At that moment, the motor accelerates faster than expected. The controller sees this and sends torque in the opposite direction, but that response also arrives late through latency. As this repeats, small gaps and small delays can act like positive feedback and grow into vibration.

When a robot trembles as soon as it turns on, or suddenly becomes unstable during a particular motion, small delays, compliance, and backlash are often acting together.

Backlash is difficult to remove completely. If so, the simulation should at least include latency, reflect actuator dynamics, and train the policy to be insensitive to this kind of noise.

The sim-to-real gap has a very physical face.

Why don't people just do the obvious things?

At this point, an obvious question appears.

Why not just do it? To draw a good MOR, measure the motor's resistance, inductance, and torque constant. Validate the estimator. Build the URDF properly. Measure latency and backlash.

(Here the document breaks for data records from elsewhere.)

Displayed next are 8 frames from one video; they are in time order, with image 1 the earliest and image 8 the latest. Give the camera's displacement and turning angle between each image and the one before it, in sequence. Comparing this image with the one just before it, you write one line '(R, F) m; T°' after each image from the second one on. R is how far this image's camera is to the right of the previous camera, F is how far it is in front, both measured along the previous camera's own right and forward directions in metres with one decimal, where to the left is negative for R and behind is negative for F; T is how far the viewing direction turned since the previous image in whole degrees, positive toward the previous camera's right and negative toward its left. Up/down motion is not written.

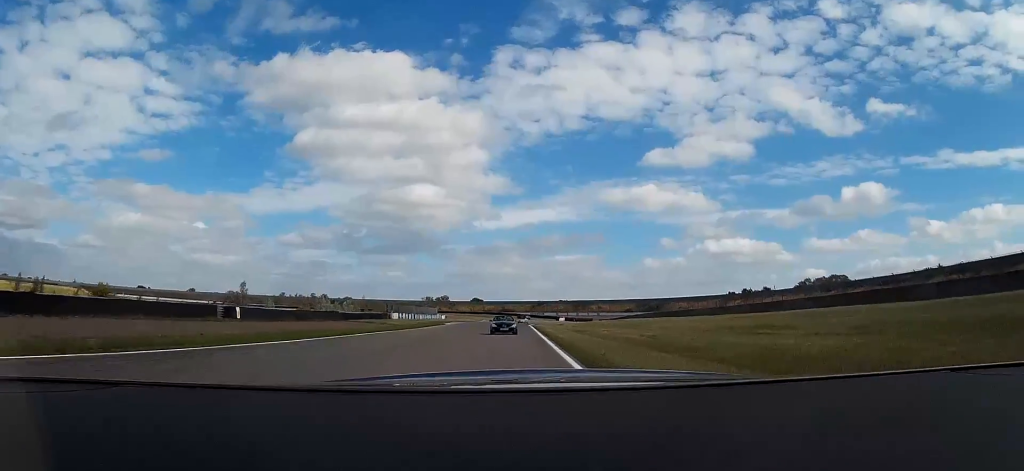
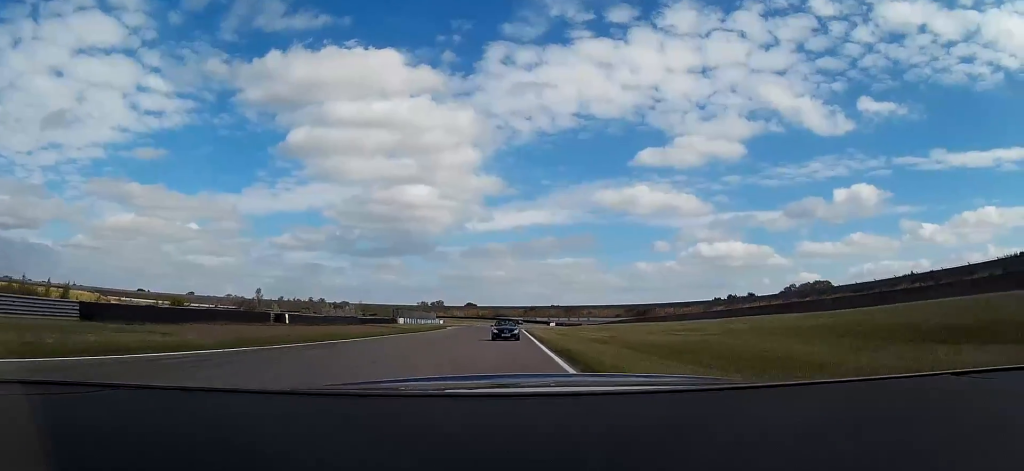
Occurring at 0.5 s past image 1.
(+0.2, +11.7) m; +4°
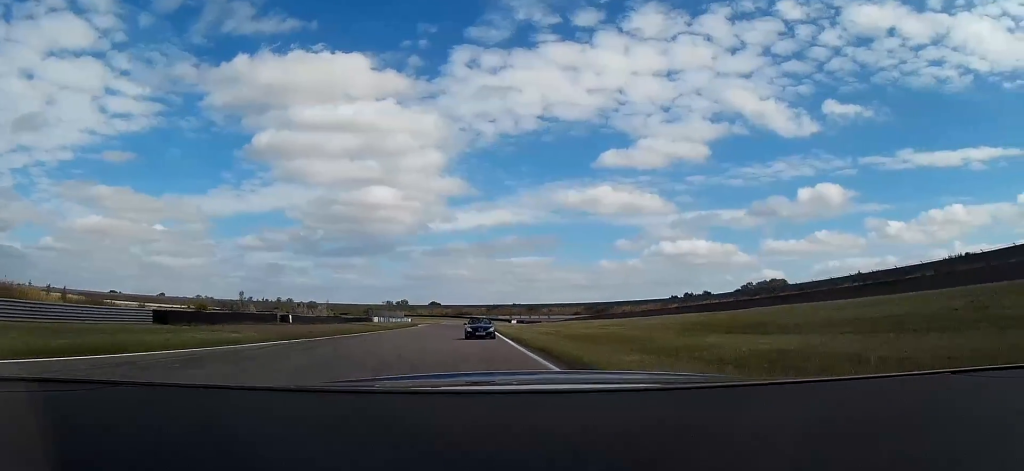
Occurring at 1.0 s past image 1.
(-0.3, +12.6) m; +6°
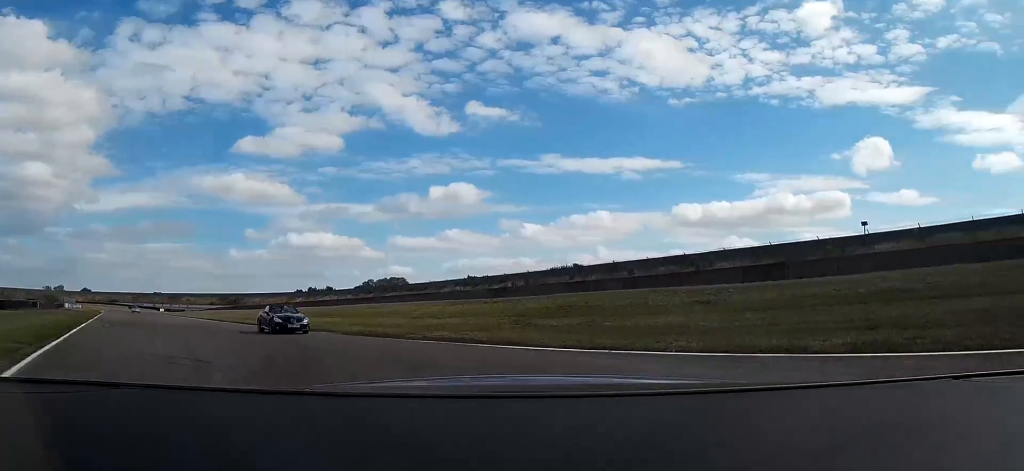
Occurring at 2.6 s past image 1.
(+8.3, +25.5) m; +38°
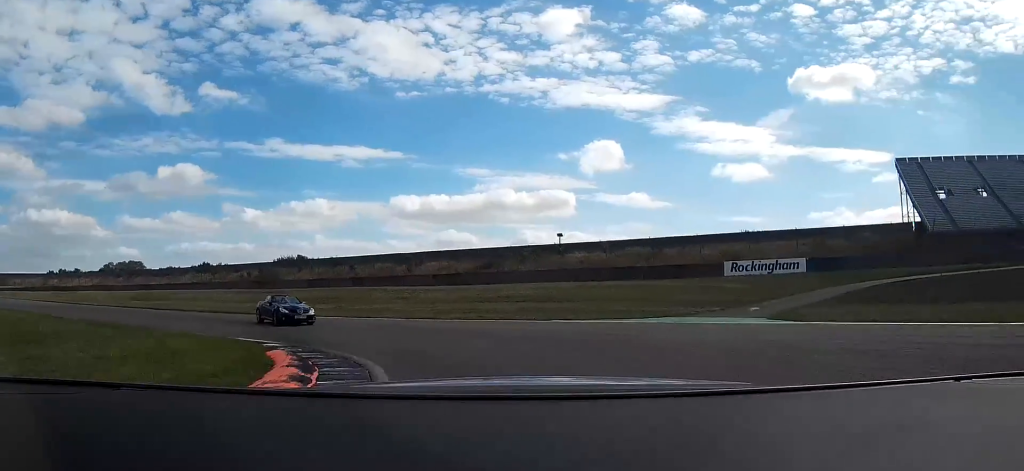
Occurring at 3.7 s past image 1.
(+4.3, +17.4) m; +24°
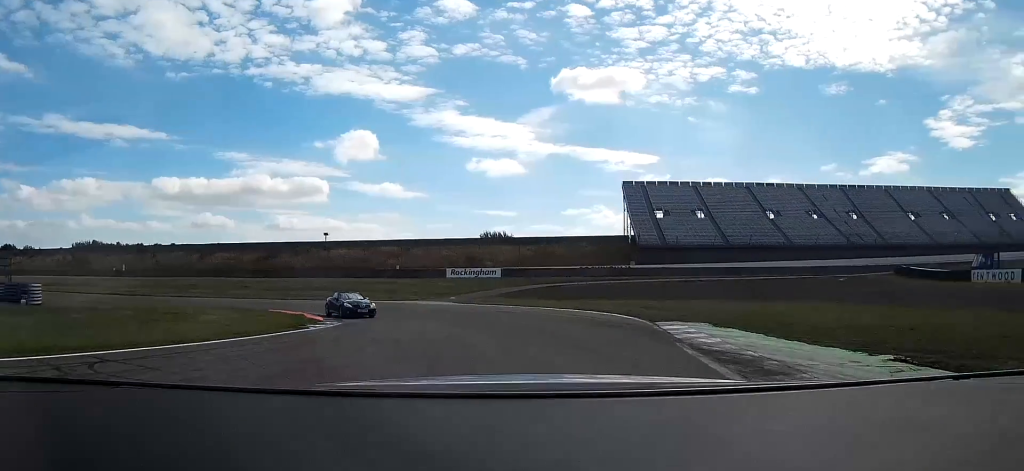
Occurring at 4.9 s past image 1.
(+4.5, +24.9) m; +17°
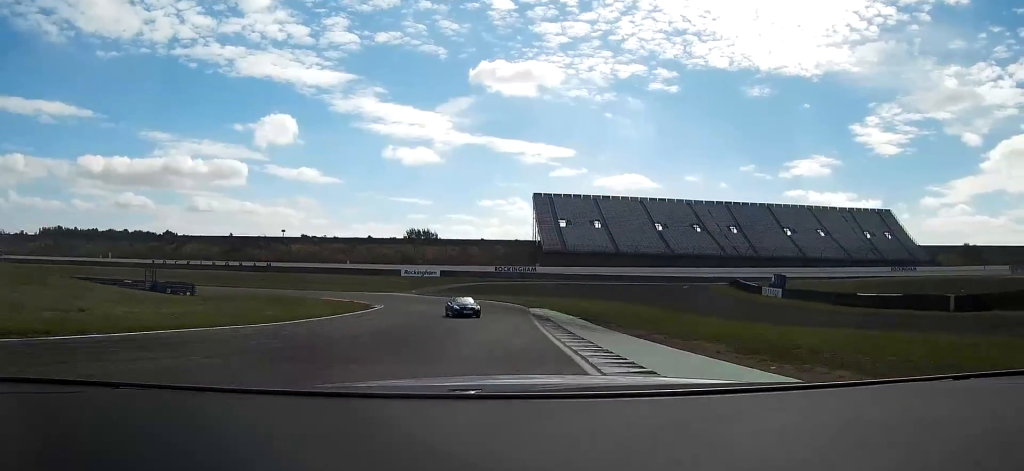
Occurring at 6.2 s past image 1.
(+2.4, +29.2) m; +6°
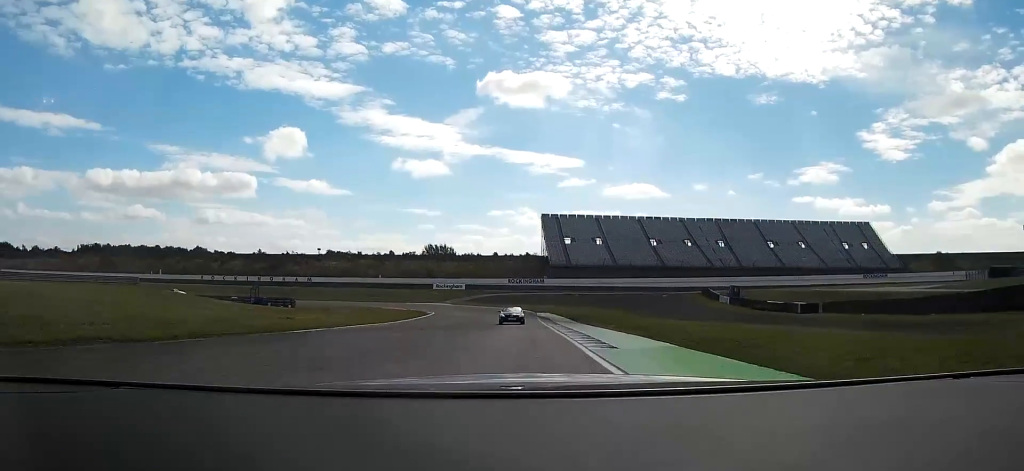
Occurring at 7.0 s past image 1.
(0.0, +22.2) m; 0°

That is right. But people often do not.

The reason is practical. For many researchers, sim-to-real itself is not the real topic. The core of the paper is often a new learning algorithm, simulator, or policy architecture. In that case, the robot experiment serves as evidence that the proposed method can be applied to a real robot.

So the author does not want to spend months solving sim-to-real. If simulation shows 100 percent performance and the real robot shows 30 percent, but that is enough to finish the paper, the paper-per-time ratio looks much better.

Reality often moves in the opposite direction. Skipping the basic modeling and putting the policy directly onto the robot may feel like it could save time, but that kind of luck is rare. Experiments almost never work on the first try, so more time is spent debugging failures.

By contrast, measuring and aligning things one by one is certainly slow, but once the model is aligned, it transfers to reality with much higher performance.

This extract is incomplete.